**Work item:**
Repeat every entry word for word, skipping the pictures.

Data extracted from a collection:
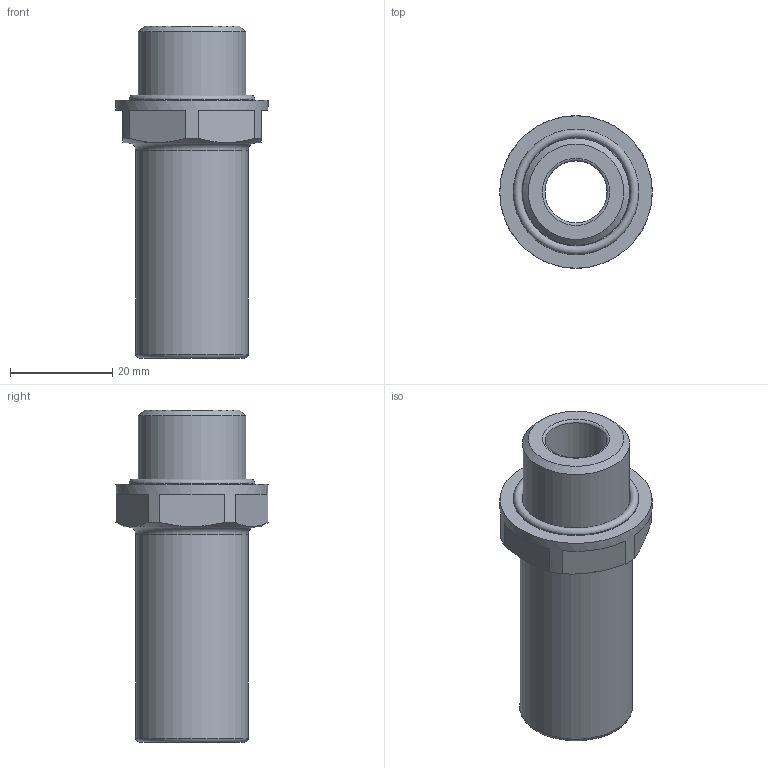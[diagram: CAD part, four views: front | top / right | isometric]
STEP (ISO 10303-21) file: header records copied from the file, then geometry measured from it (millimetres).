
FILE_DESCRIPTION(/* description */ ('STEP AP214'),/* implementation_level */ '2;1');
FILE_NAME(/* name */ '177710_CQ-1_2-22H',/* time_stamp */ '2024-08-07T21:56:36+02:00',/* author */ ('License CC BY-ND 4.0'),/* organization */ ('CADENAS'),/* preprocessor_version */ 'ST-DEVELOPER v19.3',/* originating_system */ 'PARTsolutions',/* authorisation */ ' ');
FILE_SCHEMA (('AUTOMOTIVE_DESIGN {1 0 10303 214 3 1 1}'));
Length unit declared in the file: millimetre
Products named in the file (1): 177710 CQ-1/2-22H
Bounding box: 29.8 x 29.8 x 64.9 mm (x, y, z)
Volume: 13665.6 mm3; surface area: 8874.3 mm2
Topology: 1 solids, 1 shells, 32 faces, 72 edges, 45 vertices
Faces by surface type: plane 17, cylinder 7, torus 5, cone 3
Full cylindrical faces by diameter (mm): 12.15 x1, 17 x1, 20.955 x1, 21.15 x1, 22 x1, 24.55 x1, 29.8 x1
Entity records: 852 total; most frequent: CARTESIAN_POINT 159, DIRECTION 146, ORIENTED_EDGE 110, AXIS2_PLACEMENT_3D 64, EDGE_CURVE 55, EDGE_LOOP 52, FACE_BOUND 52, VERTEX_POINT 43

**Solution to the problem:**
[diagram: CAD part, four views: front | top / right | isometric]
STEP (ISO 10303-21) file: header records copied from the file, then geometry measured from it (millimetres).
FILE_DESCRIPTION(/* description */ ('STEP AP214'),/* implementation_level */ '2;1');
FILE_NAME(/* name */ '177710_CQ-1_2-22H',/* time_stamp */ '2024-08-07T21:56:36+02:00',/* author */ ('License CC BY-ND 4.0'),/* organization */ ('CADENAS'),/* preprocessor_version */ 'ST-DEVELOPER v19.3',/* originating_system */ 'PARTsolutions',/* authorisation */ ' ');
FILE_SCHEMA (('AUTOMOTIVE_DESIGN {1 0 10303 214 3 1 1}'));
Length unit declared in the file: millimetre
Products named in the file (1): 177710 CQ-1/2-22H
Bounding box: 29.8 x 29.8 x 64.9 mm (x, y, z)
Volume: 13665.6 mm3; surface area: 8874.3 mm2
Topology: 1 solids, 1 shells, 32 faces, 72 edges, 45 vertices
Faces by surface type: plane 17, cylinder 7, torus 5, cone 3
Full cylindrical faces by diameter (mm): 12.15 x1, 17 x1, 20.955 x1, 21.15 x1, 22 x1, 24.55 x1, 29.8 x1
Entity records: 852 total; most frequent: CARTESIAN_POINT 159, DIRECTION 146, ORIENTED_EDGE 110, AXIS2_PLACEMENT_3D 64, EDGE_CURVE 55, EDGE_LOOP 52, FACE_BOUND 52, VERTEX_POINT 43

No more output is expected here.